Mis pensamientos, poemas, cuentos... de Isabel Agüera

11 ene 2020

MI POBRE CARTERA


Siempre he creído, y ahora estoy segura de ello, que la cosa más importante que he tenido en mi vida fue mi cartera de niña, una cartera de cartón piedra que me dejaron los Reyes un año en mis zapatos de charol. Cada mañana, antes de ir al colegio, la limpiaba con cuidado y la quería tanto que la guardaba en el mejor sitio de mi habitación. En el más cómodo y fresco en los veranos y en el más cálido en los inviernos. 
Para mí que aquella cartera era como un ser vivo con el que yo me relacionaba.
En la clase  le dedicaba más de la mitad de mi silla, lo que provocaba que, en muchas ocasiones, me cayera para atrás.
 En aquella cartera guardaba las cosas más queridas por mí: libros, lápices, estuche de dos plantas... y, bueno, otras pequeñas cosas que eran como tesoros, por la ilusión que me hacían: una muñequilla de trapo, que había hecho yo misma, una caja de pastillas Juanola, una pluma color rosa que encontré en un viejo sombrero en una buhardilla de casa de la abuela Isabel, papelotes con dibujos, cromos de los pastelitos,  galletas  para el recreo, mi botecito de pétalos de rosa con alcohol y sobre todo, guardaba, escondía, en mi cartera todo lo que mis hermanos intentaban saquearme.
 Cada mañana,  con cuidado, me la colocaba sobre la espalda y, aunque casi no podía mover los brazos por el peso, la llevaba con gusto. 
Me sentía como un pequeño caracol con la casa a cuestas.
 Un día, que llegué temprano a la escuela, me senté sobre el bordillo de la puerta. A mi lado coloqué la cartera.
Era un día negro de nubes. Casi llovía. La gente madrugadora caminaba con prisa. Empezaba a hacer frío.

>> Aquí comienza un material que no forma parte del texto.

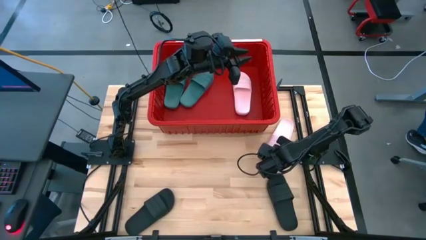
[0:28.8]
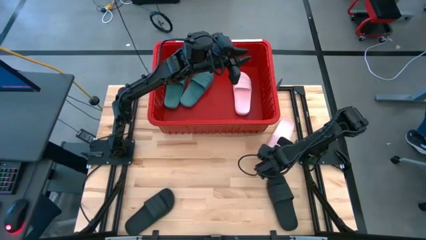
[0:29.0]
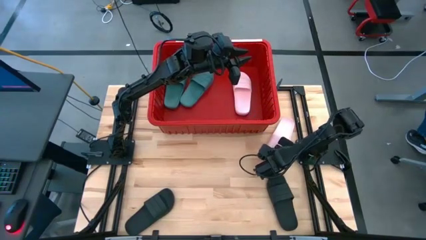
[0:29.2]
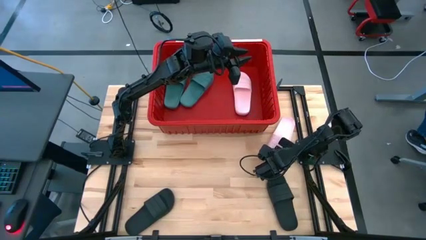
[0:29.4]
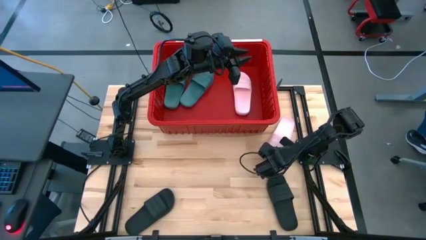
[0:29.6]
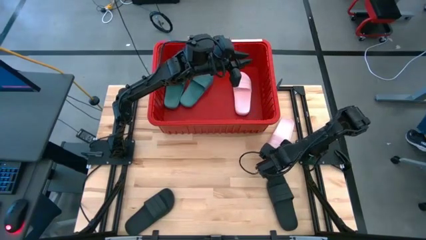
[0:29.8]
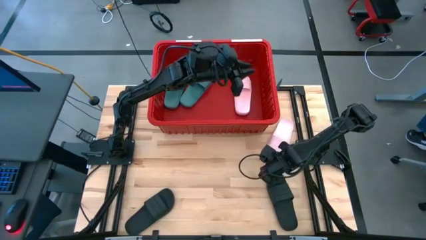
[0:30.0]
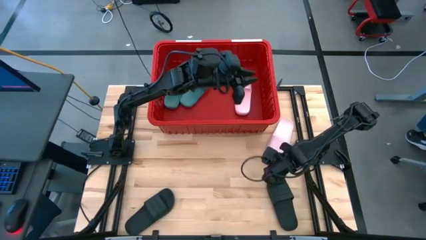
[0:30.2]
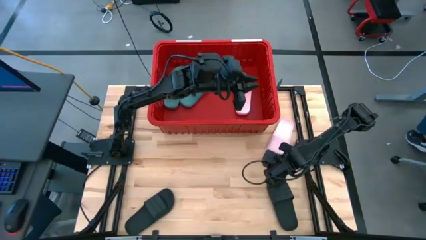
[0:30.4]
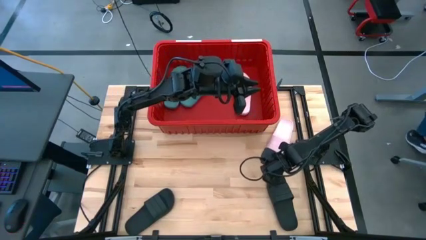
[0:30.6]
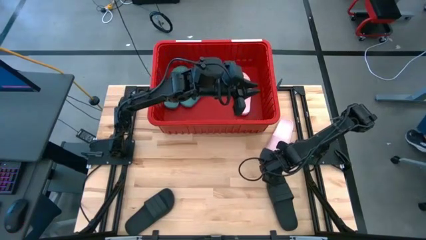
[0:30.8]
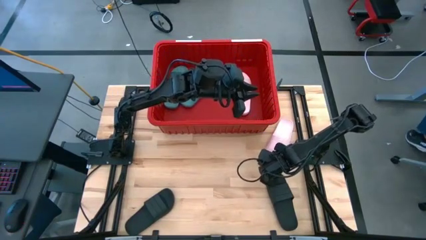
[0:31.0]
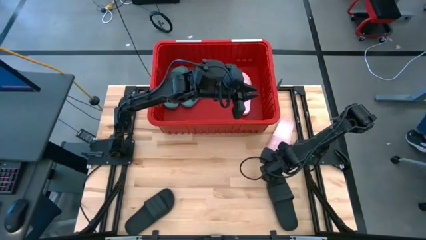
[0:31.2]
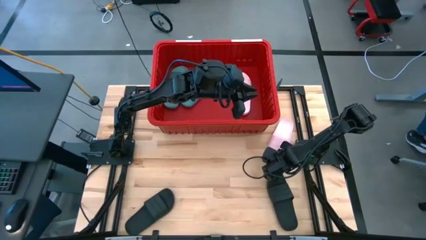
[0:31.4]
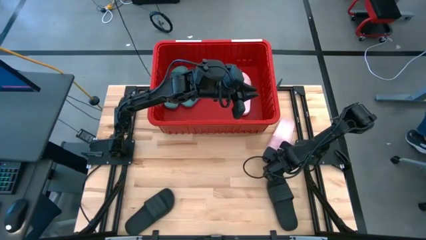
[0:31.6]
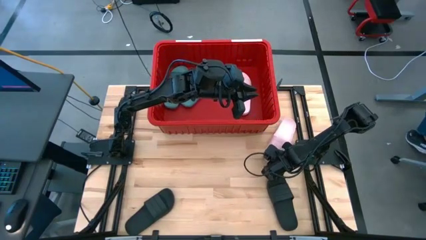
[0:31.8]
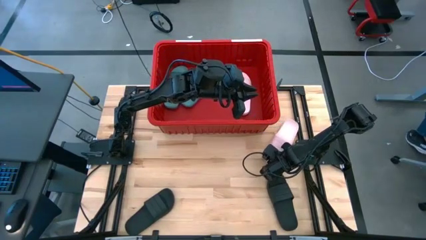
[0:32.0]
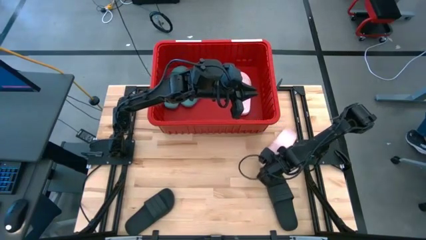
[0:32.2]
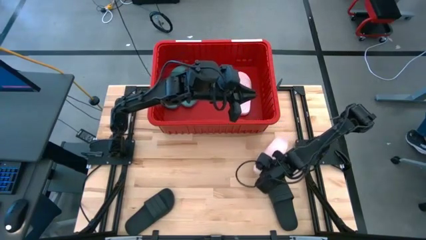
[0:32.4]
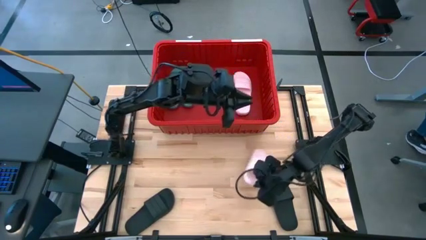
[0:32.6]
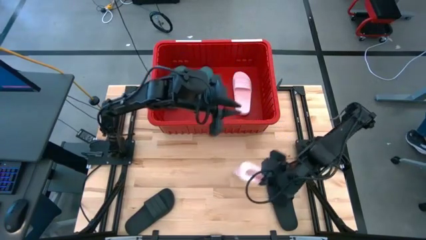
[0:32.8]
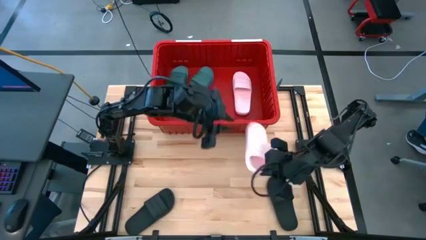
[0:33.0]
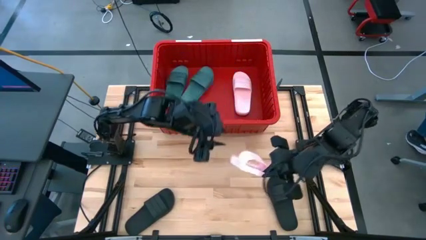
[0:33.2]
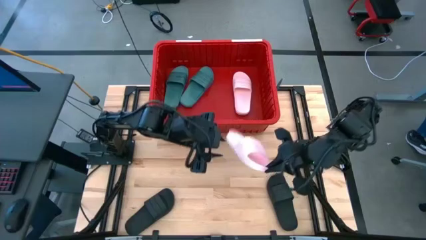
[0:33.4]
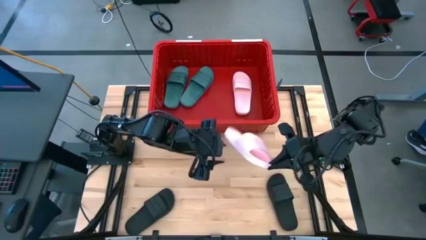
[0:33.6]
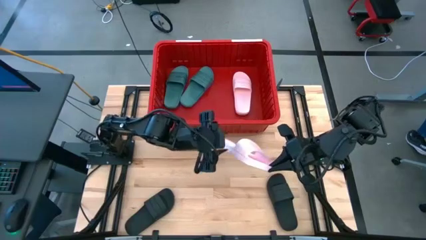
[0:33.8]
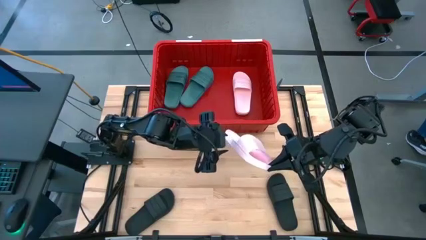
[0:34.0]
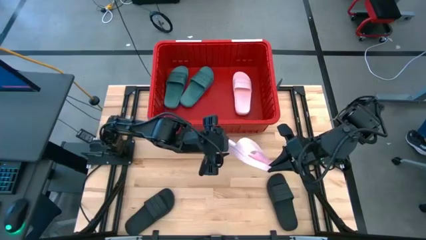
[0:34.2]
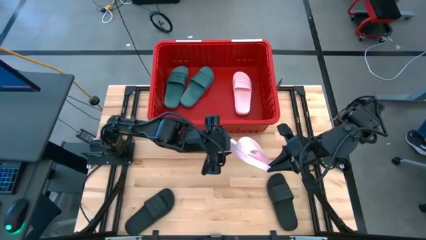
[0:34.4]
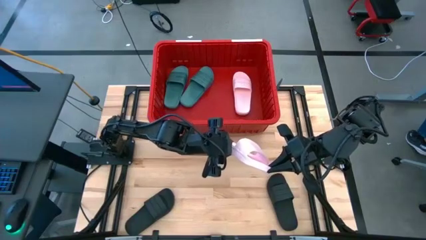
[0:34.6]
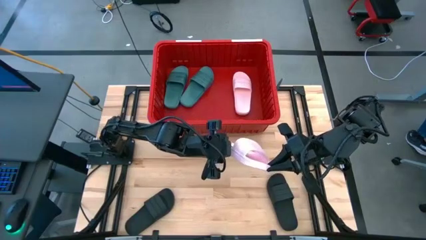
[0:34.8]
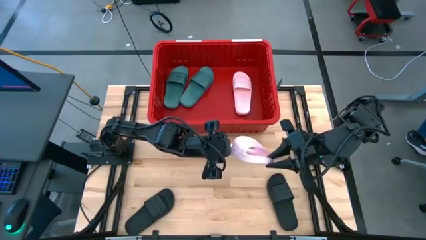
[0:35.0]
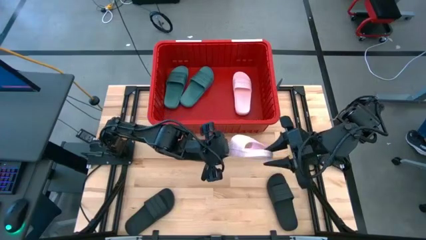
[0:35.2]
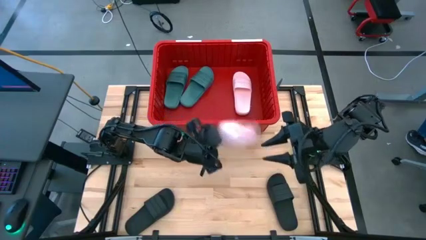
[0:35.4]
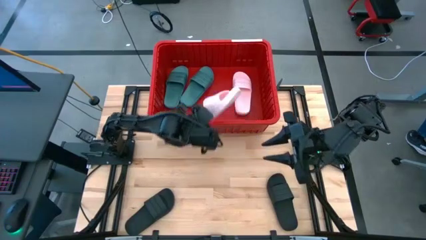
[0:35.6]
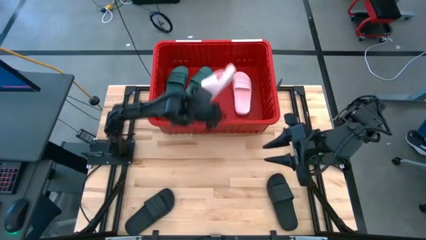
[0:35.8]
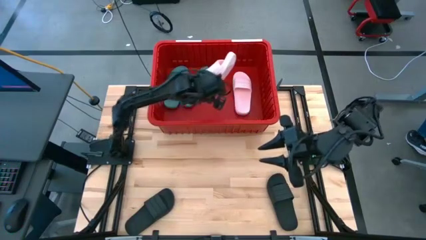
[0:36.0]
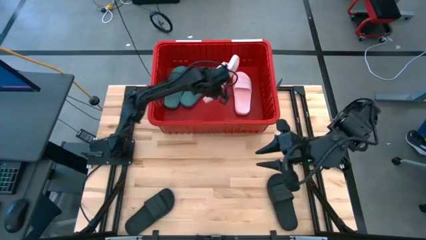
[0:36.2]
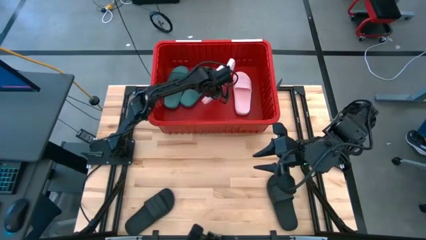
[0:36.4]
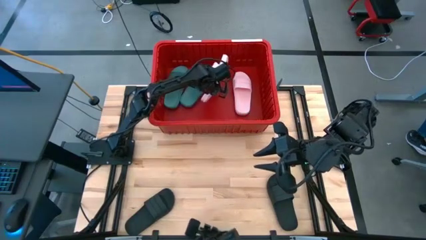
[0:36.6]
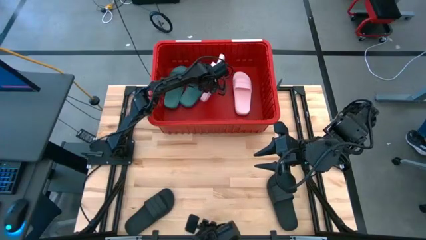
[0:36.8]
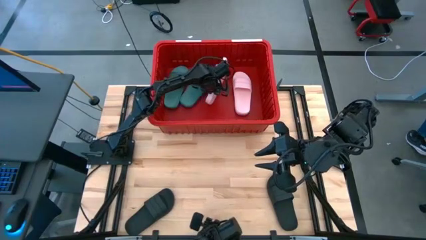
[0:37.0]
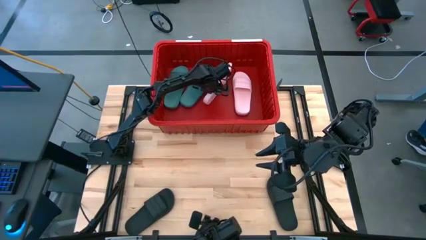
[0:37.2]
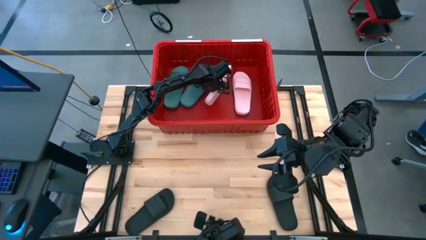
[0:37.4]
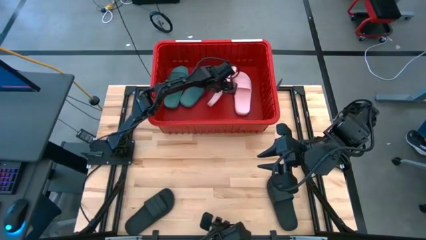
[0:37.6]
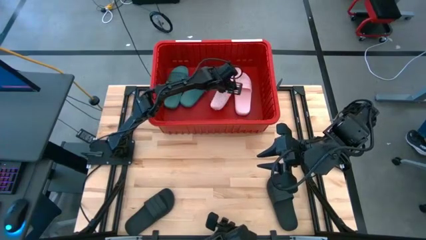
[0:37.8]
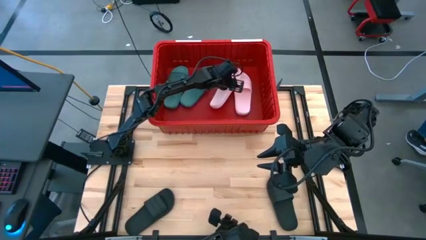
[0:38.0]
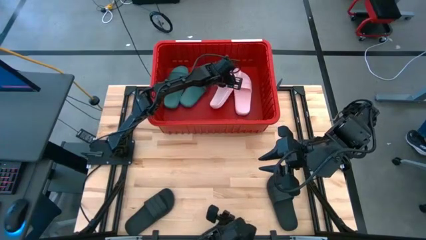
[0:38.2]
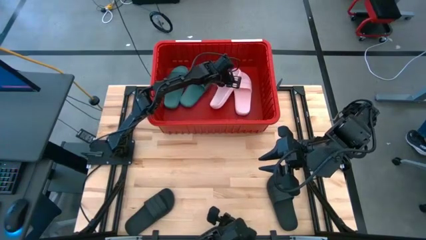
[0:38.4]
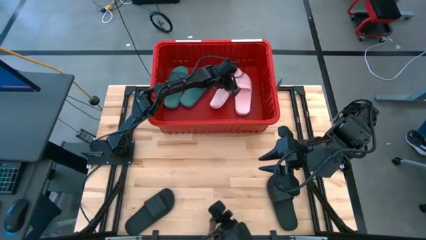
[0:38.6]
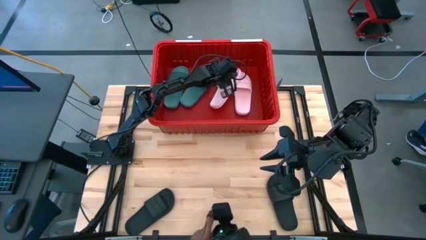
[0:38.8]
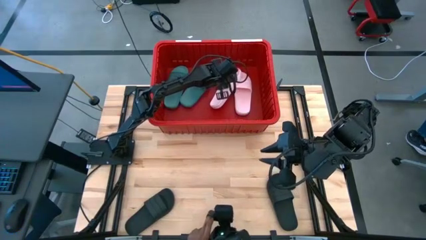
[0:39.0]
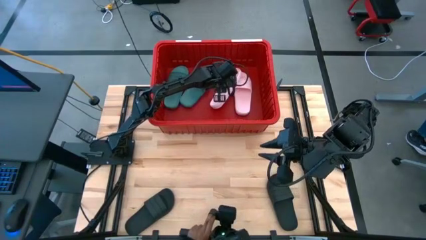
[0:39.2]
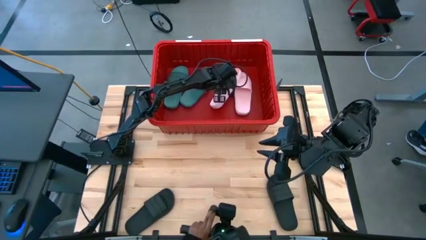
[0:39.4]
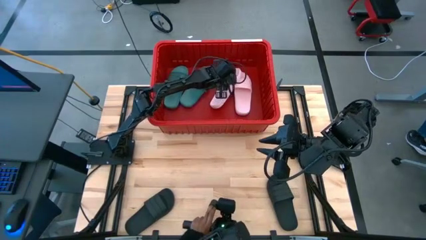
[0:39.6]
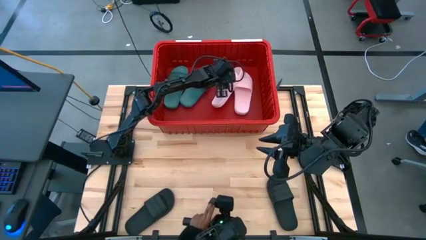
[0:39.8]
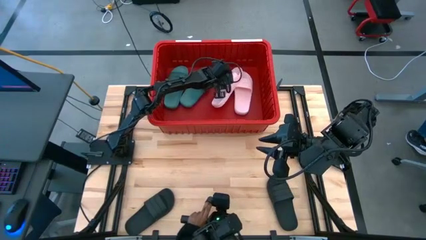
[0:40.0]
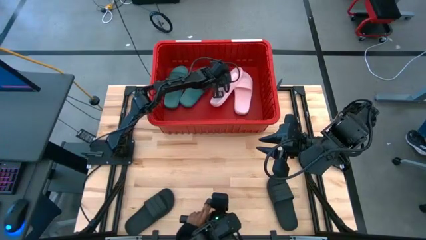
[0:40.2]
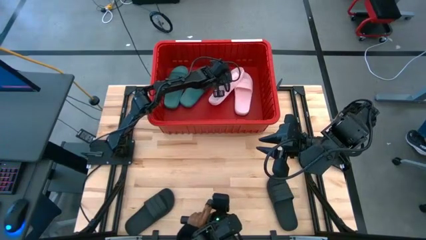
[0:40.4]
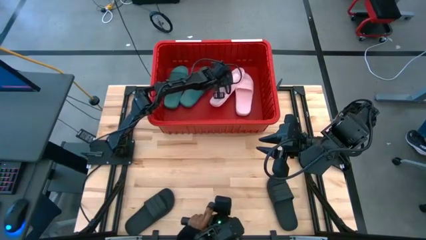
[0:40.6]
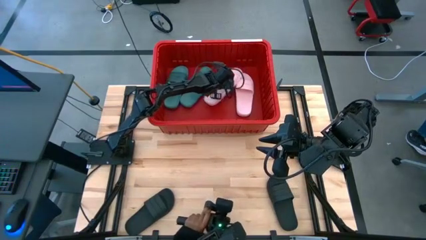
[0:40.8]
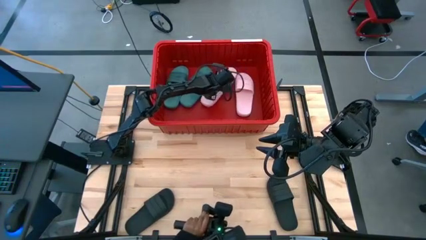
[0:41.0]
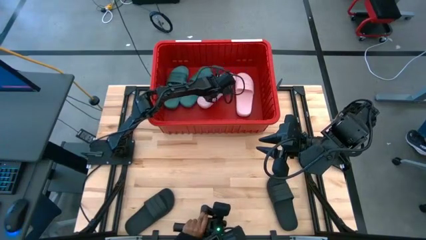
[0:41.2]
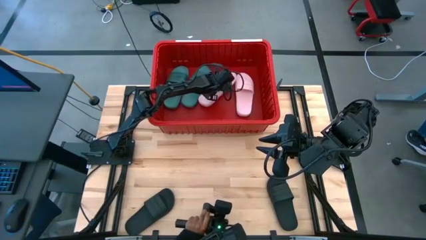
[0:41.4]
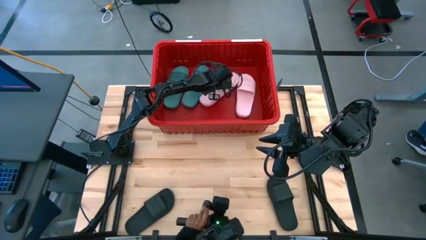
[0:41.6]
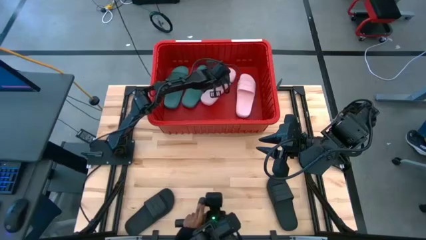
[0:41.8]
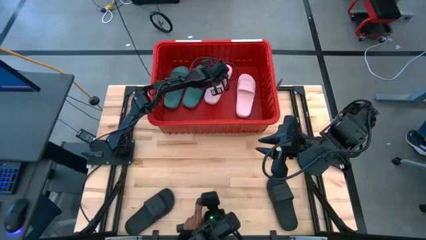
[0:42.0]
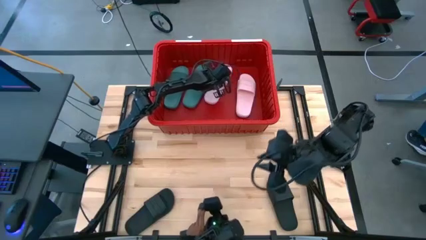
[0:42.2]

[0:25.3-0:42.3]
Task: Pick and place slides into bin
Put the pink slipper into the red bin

A distancia, pasó un perro tirando de un viejo y, por la acera de enfrente, una mujer medio hablando sola y con un puñado de papel pringoso de jeringos calientes
De pronto aparecieron tres chavales melenudos y negros. Uno de ellos dijo: ¿Jugamos al balón con la cartera de esta niña tonta?”
Y, sin esperar respuesta, le dio un puntapié que la traspuso al medio de la calle donde los otros dos, siguiendo con el juego, la pateaban de un lado para otro.
 Yo, atónita e impotente,  con lágrimas que caían de mis ojos, asistía al dolor de mis cosas dando vueltas dentro de la cartera que parecía alejarse de mí como diciéndome, adiós para siempre, mientras aquellos chavales, entre risotadas  y malos tratos, se perdían repitiéndome de vez en cuando: ¡Alelá! ¡Ya te puedes estar comprando otra; ésta ya no te sirve ni para yesca!
Una mujer, al paso, exclamó: ¡Dejad en paz a la niña y devolvedle su cartera!
Por respuesta una sarcástica carcajada y unas ofensivas palabras: ¡Cállate, vieja!